Thursday, May 27, 2010

Revenge of the Mainframe

My first exposure to computers (aptly named at the time) was to a Dec PDP-10 36-bit machine with punch card. Processors were so expensive than my university owned 2 of them, everyone had to share. Storage was expensive, so you kept your programs on punch cards, your data on mag-tapes.

A few years later, timesharing was allowed, and all your programs and data was stored on the mainframe accessed remotely by dumb terminals some terminals were converted printed, others displayed 80x25 characters on a black and white screen (I remember lusting after a Heathkit H-19 with an external 300 baud modem), other had built in graphics capabilities such as the RamTek terminals.

Still all connected over slow RS232 serial links, limiting what can be done. That was 1979.

Then in 1981 IBM introduced the IBM PC 5150 and things changed for a couple of decades. The personal computer ushered in the era of disconnected computing, data & programs resided in a little beige box in your den.

By 1999, the internet had connected most of these machines into a global network usurping the then dominant client-server metaphor.
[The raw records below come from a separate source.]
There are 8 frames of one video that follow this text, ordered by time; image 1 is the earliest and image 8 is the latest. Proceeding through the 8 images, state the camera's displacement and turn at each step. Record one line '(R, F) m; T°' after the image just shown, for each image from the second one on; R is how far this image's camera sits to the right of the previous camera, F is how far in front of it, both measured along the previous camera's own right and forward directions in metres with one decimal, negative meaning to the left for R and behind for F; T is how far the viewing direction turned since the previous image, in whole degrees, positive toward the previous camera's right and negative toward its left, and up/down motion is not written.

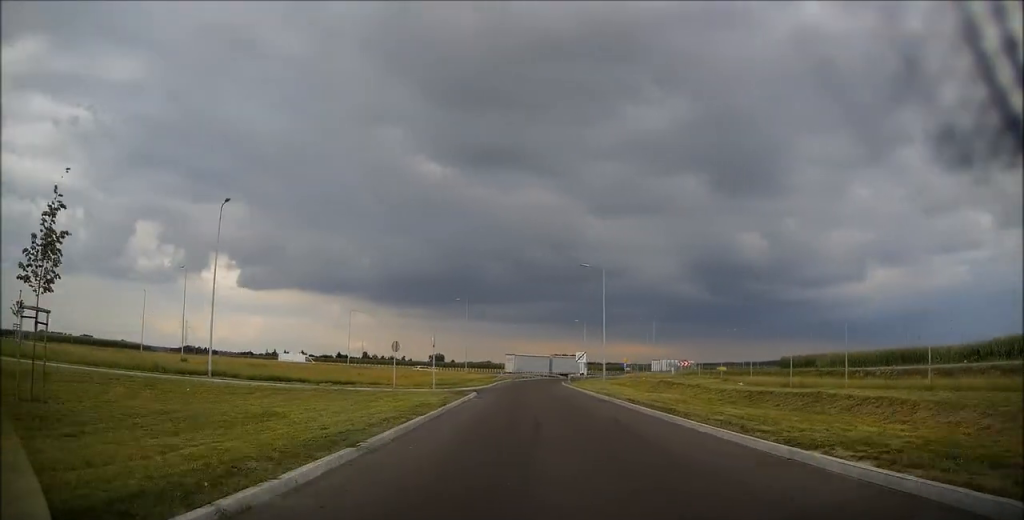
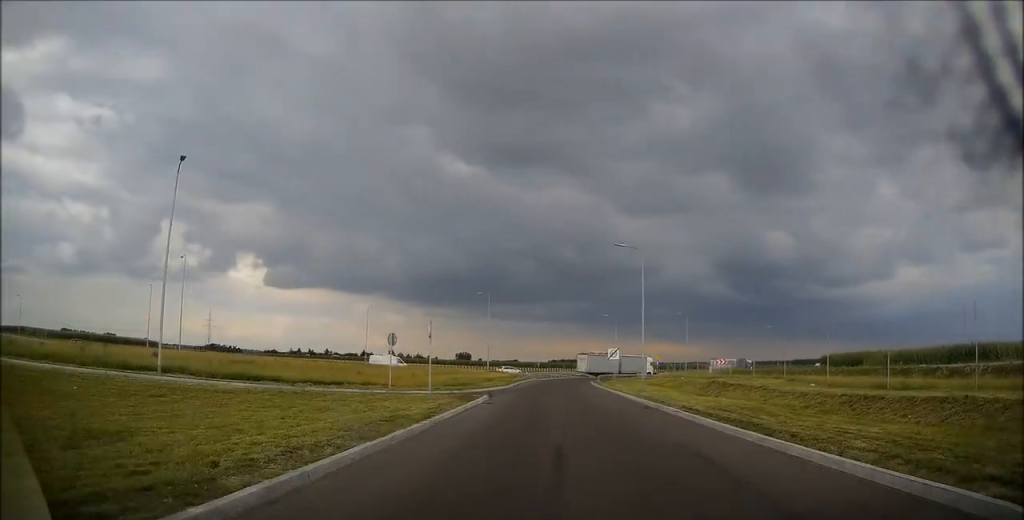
(-0.2, +5.9) m; -3°
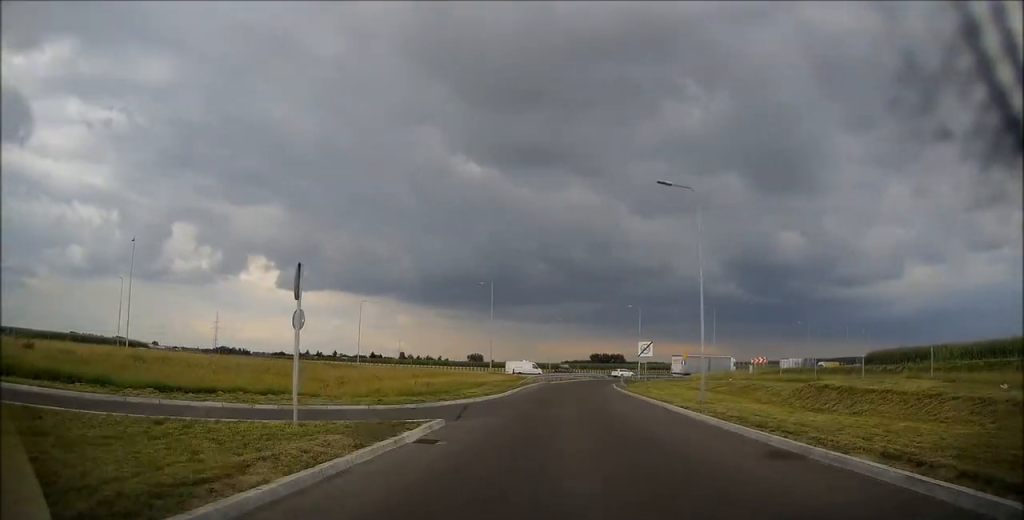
(-0.6, +11.4) m; -3°
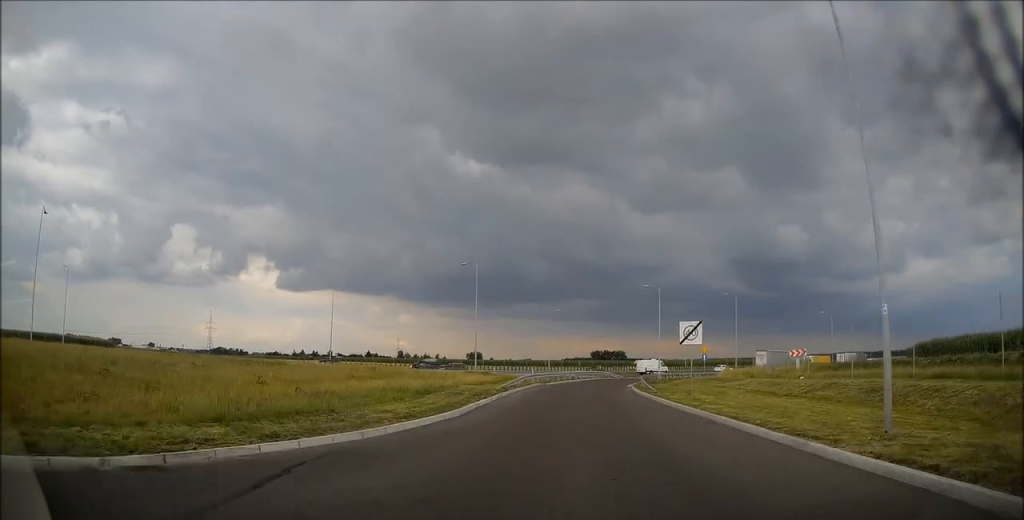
(-0.2, +13.1) m; -1°
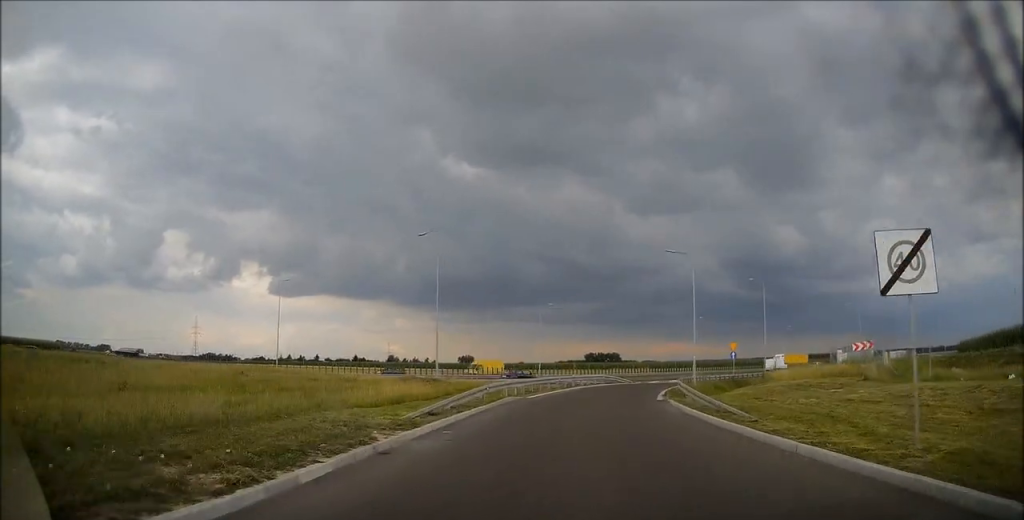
(-0.1, +16.0) m; 0°
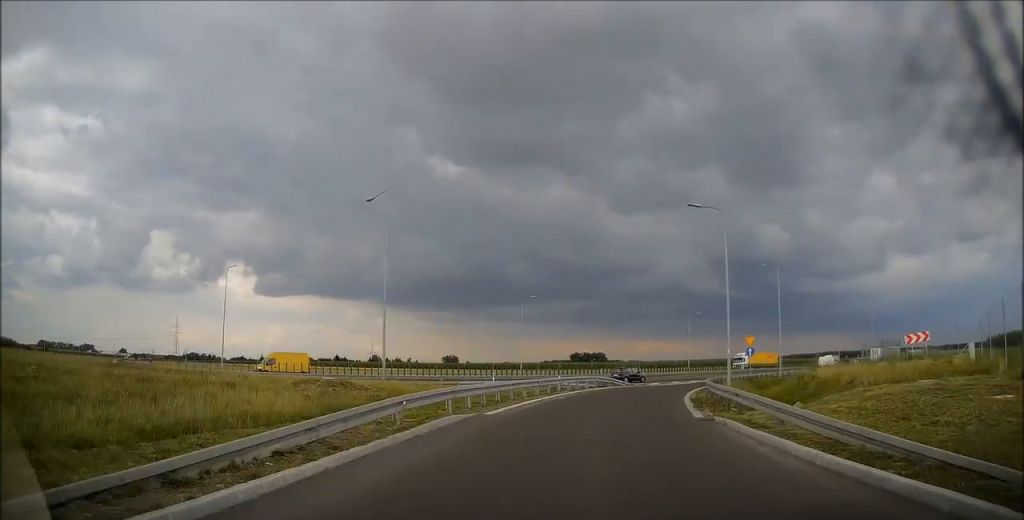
(0.0, +10.1) m; +2°
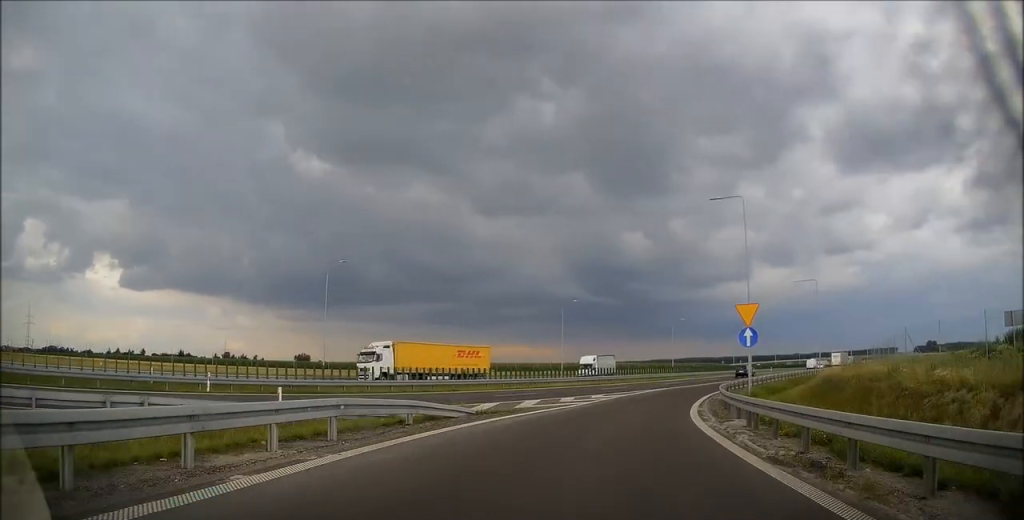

So here we are a decade later and a new model is about to take hold, a model quite similar to my original PDP-10 experience: Cloud Computing.

Data (now called “content”) and programs (now called “Services) reside in the Internet “Cloud” accessible via a broadband connection from anywhere in the world using a multitude of devices. Granted these devices are smarter, more colorful, and easier to use than their predecessor, but the fact remains: the Cloud, is the biggest mainframe ever made, it’s just happens to be made of a number of smaller components called servers.

The cloud is the ultimate virtualization of computing: it, in effect, commoditizes not only processor, programming languages, storage, but content as well.

In the next installment I will examine the impact this will have on the existing technology landscape and how it’s changing corporate value propositions.